Further, when it is applied to an electrode such as an electric double layer capacitor (EDLC), for example, an electrochemical device, it can be used as a main component of the electrode or as an additive. More specifically, for example, the produced fullerene for electrode material according to the present invention may be used as a main component of an electrode in place of activated carbon when applied as an electrode of an electric double layer capacitor (hereinafter referred to as 'EDLC') or as a conductive additive And may be mixed with the activated carbon.

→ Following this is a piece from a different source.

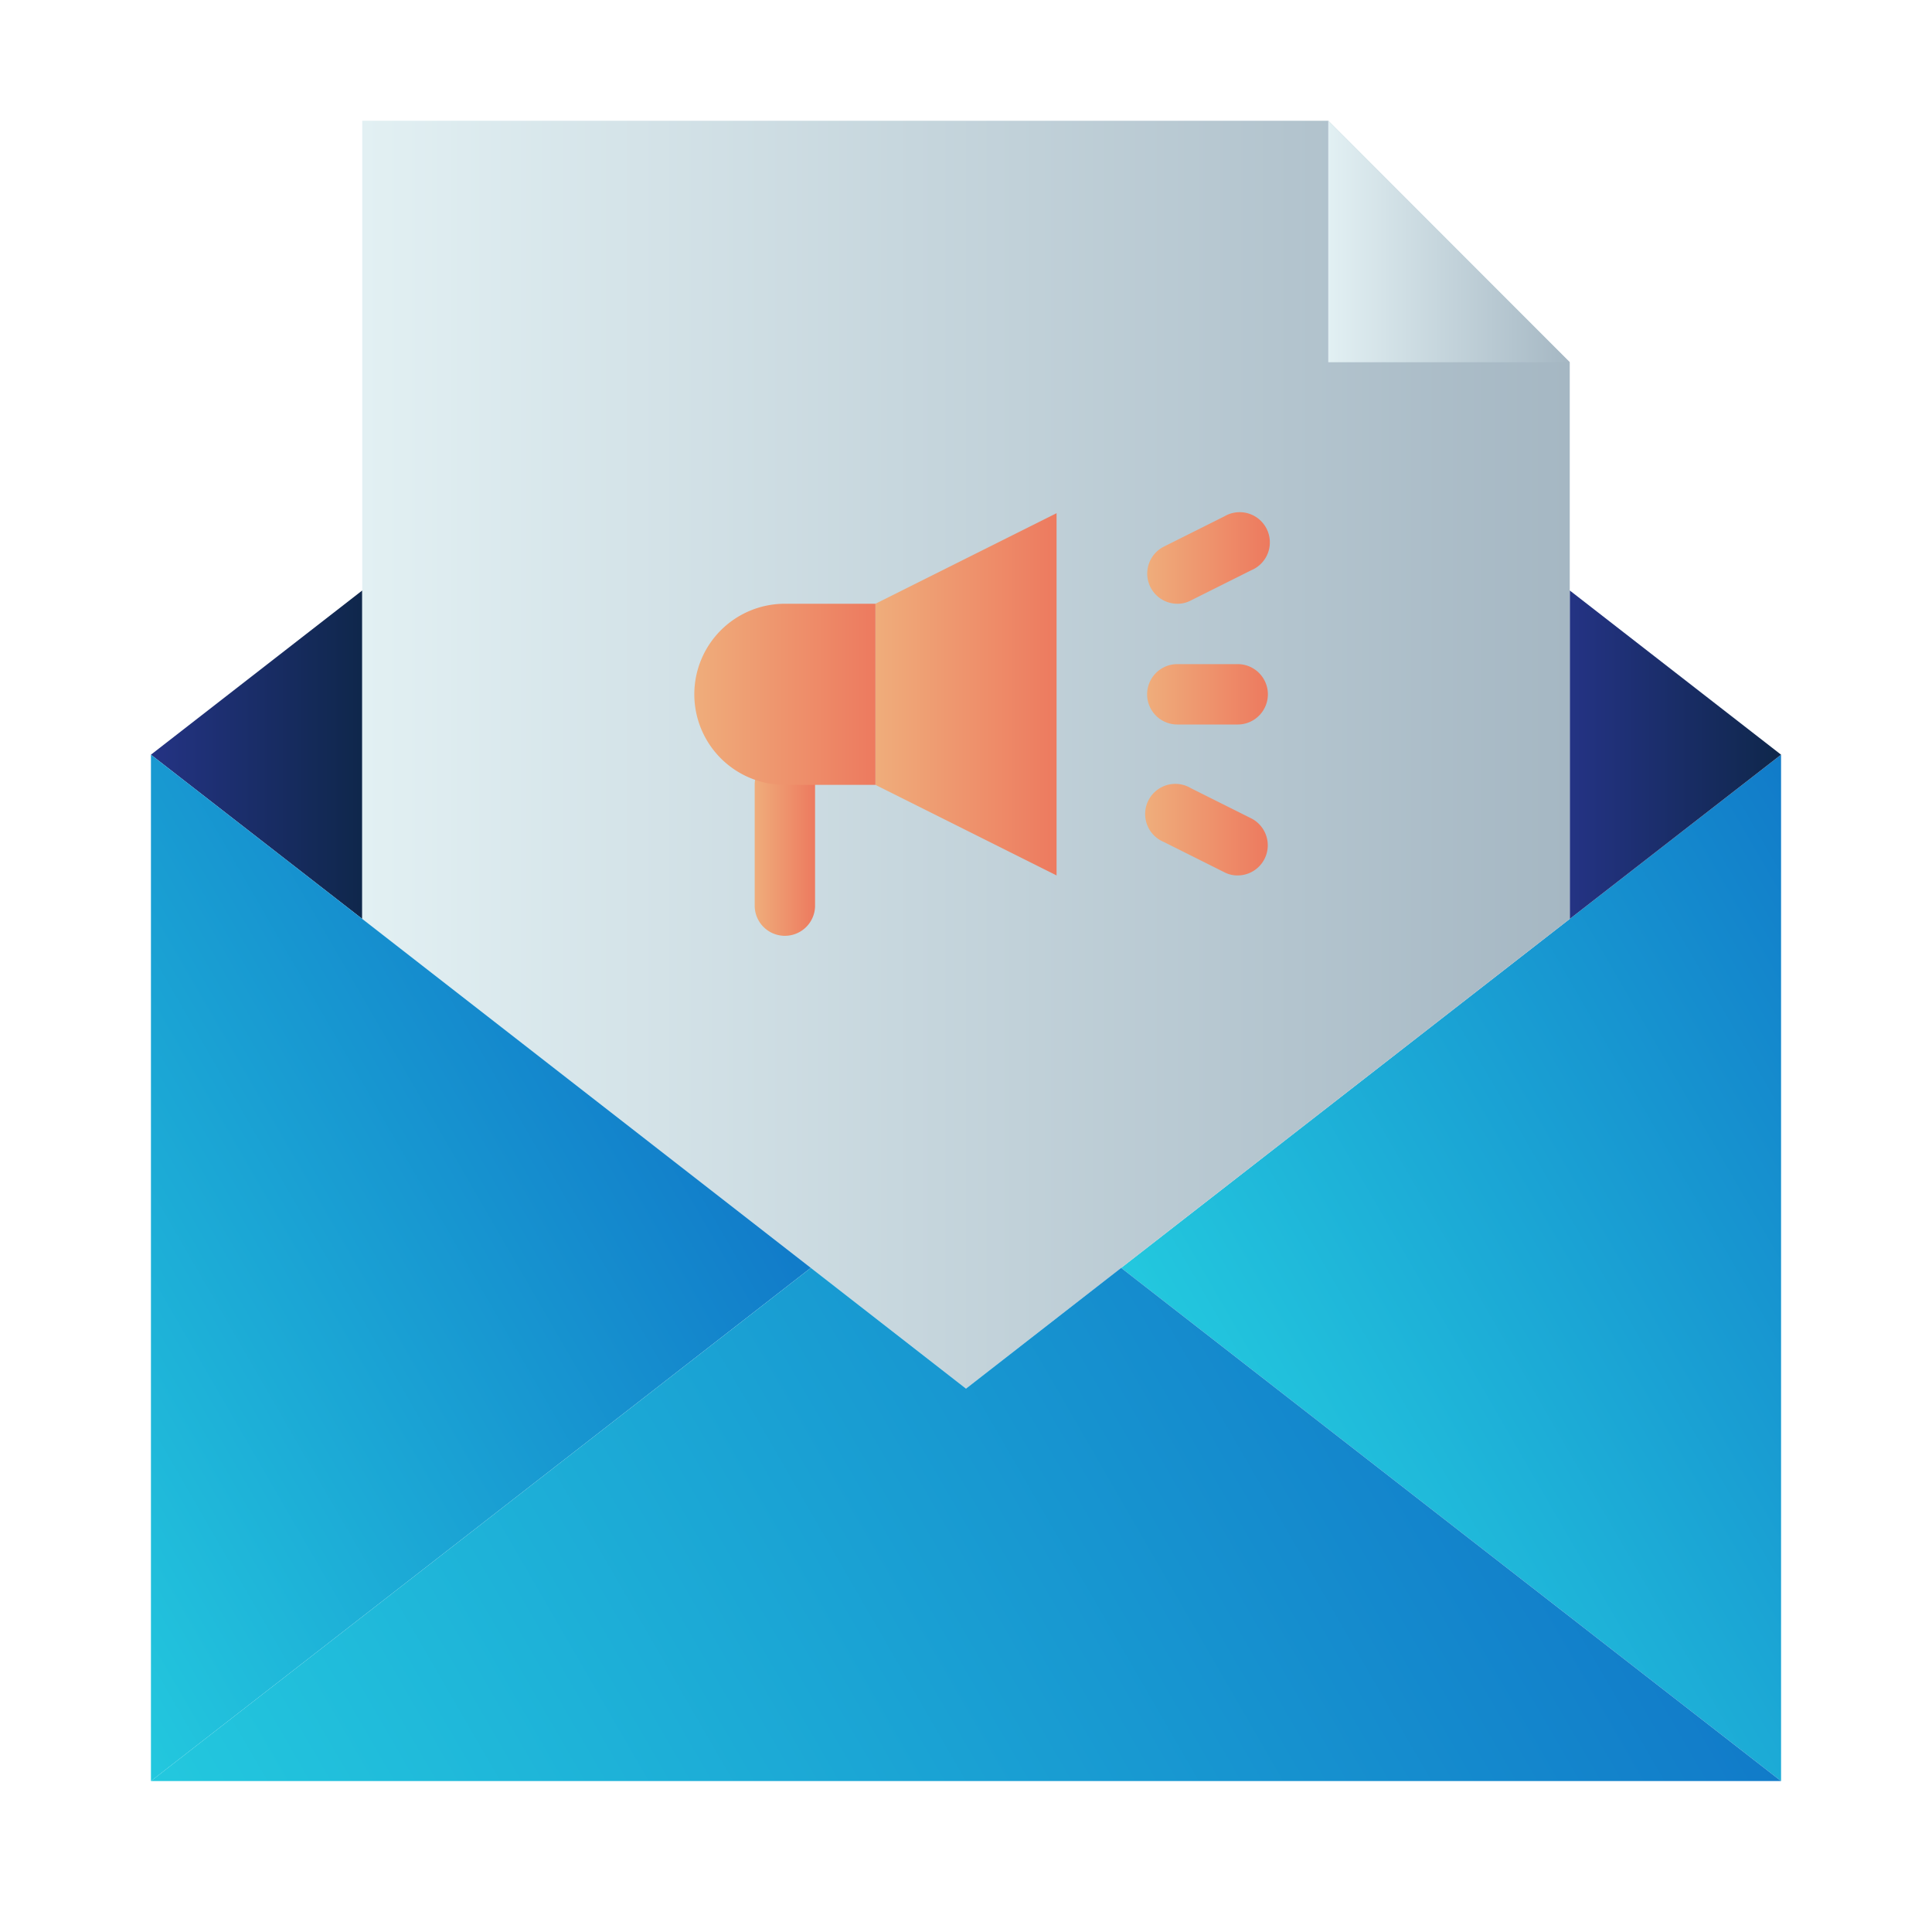 <svg xmlns="http://www.w3.org/2000/svg" xmlns:xlink="http://www.w3.org/1999/xlink" viewBox="0 0 64 64"><defs><style>.cls-1{fill:url(#linear-gradient);}.cls-2{fill:url(#linear-gradient-2);}.cls-3{fill:url(#linear-gradient-3);}.cls-4{fill:url(#linear-gradient-4);}.cls-5{fill:url(#linear-gradient-5);}.cls-6{fill:url(#linear-gradient-6);}.cls-7{fill:url(#linear-gradient-7);}.cls-8{fill:url(#linear-gradient-8);}.cls-9{fill:url(#linear-gradient-9);}.cls-10{fill:url(#linear-gradient-10);}.cls-11{fill:url(#linear-gradient-11);}.cls-12{fill:url(#linear-gradient-12);}.cls-13{fill:url(#linear-gradient-13);}</style><linearGradient id="linear-gradient" x1="42.61" y1="51.47" x2="66.36" y2="37.75" gradientUnits="userSpaceOnUse"><stop offset="0" stop-color="#23c8de"/><stop offset="1" stop-color="#117bc9"/></linearGradient><linearGradient id="linear-gradient-2" x1="5" y1="25" x2="12" y2="25" gradientUnits="userSpaceOnUse"><stop offset="0" stop-color="#243384"/><stop offset="1" stop-color="#0f274b"/></linearGradient><linearGradient id="linear-gradient-3" x1="52" x2="59" xlink:href="#linear-gradient-2"/><linearGradient id="linear-gradient-4" x1="12" y1="25" x2="52" y2="25" gradientUnits="userSpaceOnUse"><stop offset="0" stop-color="#e2f0f3"/><stop offset="1" stop-color="#a5b7c3"/></linearGradient><linearGradient id="linear-gradient-5" x1="-2.36" y1="46.25" x2="21.39" y2="32.53" xlink:href="#linear-gradient"/><linearGradient id="linear-gradient-6" x1="10.8" y1="69.05" x2="51.3" y2="45.67" xlink:href="#linear-gradient"/><linearGradient id="linear-gradient-7" x1="44" y1="8" y2="8" xlink:href="#linear-gradient-4"/><linearGradient id="linear-gradient-8" x1="29" y1="23" x2="35" y2="23" gradientUnits="userSpaceOnUse"><stop offset="0" stop-color="#efad7b"/><stop offset="1" stop-color="#ed7a5f"/></linearGradient><linearGradient id="linear-gradient-9" x1="38" x2="42" xlink:href="#linear-gradient-8"/><linearGradient id="linear-gradient-10" x1="38" y1="18.5" x2="42" y2="18.5" xlink:href="#linear-gradient-8"/><linearGradient id="linear-gradient-11" x1="38" y1="27.5" x2="42" y2="27.5" xlink:href="#linear-gradient-8"/><linearGradient id="linear-gradient-12" x1="25" y1="28" x2="27" y2="28" xlink:href="#linear-gradient-8"/><linearGradient id="linear-gradient-13" x1="23" x2="29" xlink:href="#linear-gradient-8"/></defs><title>mailing</title><g id="mailing"><polygon class="cls-1" points="59 25 59 59 46.14 49 37.14 42 52 30.44 59 25"/><polygon class="cls-2" points="12 19.56 12 30.44 5 25 12 19.56"/><polyline class="cls-3" points="59 25 52 30.44 52 19.56 59 25"/><polygon class="cls-4" points="52 12 52 30.44 37.14 42 32 46 26.86 42 12 30.44 12 4 44 4 52 12"/><polygon class="cls-5" points="26.86 42 17.86 49 5 59 5 25 12 30.44 26.86 42"/><polygon class="cls-6" points="59 59 5 59 17.86 49 26.86 42 32 46 37.14 42 46.14 49 59 59"/><polygon class="cls-7" points="52 12 44 12 44 4 52 12"/><polygon class="cls-8" points="29 20 35 17 35 29 29 26 29 20"/><path class="cls-9" d="M41,24H39a1,1,0,0,1,0-2h2a1,1,0,0,1,0,2Z"/><path class="cls-10" d="M39,20a1,1,0,0,1-.89-.55,1,1,0,0,1,.44-1.34l2-1a1,1,0,1,1,.9,1.78l-2,1A.93.93,0,0,1,39,20Z"/><path class="cls-11" d="M41,29a.93.93,0,0,1-.45-.11l-2-1a1,1,0,1,1,.9-1.78l2,1a1,1,0,0,1,.44,1.34A1,1,0,0,1,41,29Z"/><path class="cls-12" d="M26,31a1,1,0,0,1-1-1V26a1,1,0,0,1,2,0v4A1,1,0,0,1,26,31Z"/><path class="cls-13" d="M26,20h3a0,0,0,0,1,0,0v6a0,0,0,0,1,0,0H26a3,3,0,0,1-3-3v0A3,3,0,0,1,26,20Z"/></g></svg>

Hereinafter, embodiments will be exemplified. The following embodiments are provided to facilitate understanding of the present invention, and thus the technical scope of the present invention is not limited thereto. The following examples also illustrate the use of shungite minerals in the Karelia region of Russia as natural minerals.

[Example 1]

Russian natural minerals were used as natural minerals. 1 is an image showing the carbon structure of the? Gide mineral. The ghid minerals form a dark amorphous cloud band with a carbon content of just over 200 carbon atoms. The total size of the carbon component is about 20 nm, and the thickness of the band is about 10 nm. At this time, the black dot inside the band is fullerene (see enlarged image).

Table 1 below shows the compositional analysis results of the above-mentioned gut minerals. The content of each component shown in Table 1 below is an average composition based on the dry weight. As shown in the following Table 1, the? -Gate mineral used in this example was analyzed to contain silicate (SiO ₂ ) as the main component and to contain about 28 wt% of carbon (C).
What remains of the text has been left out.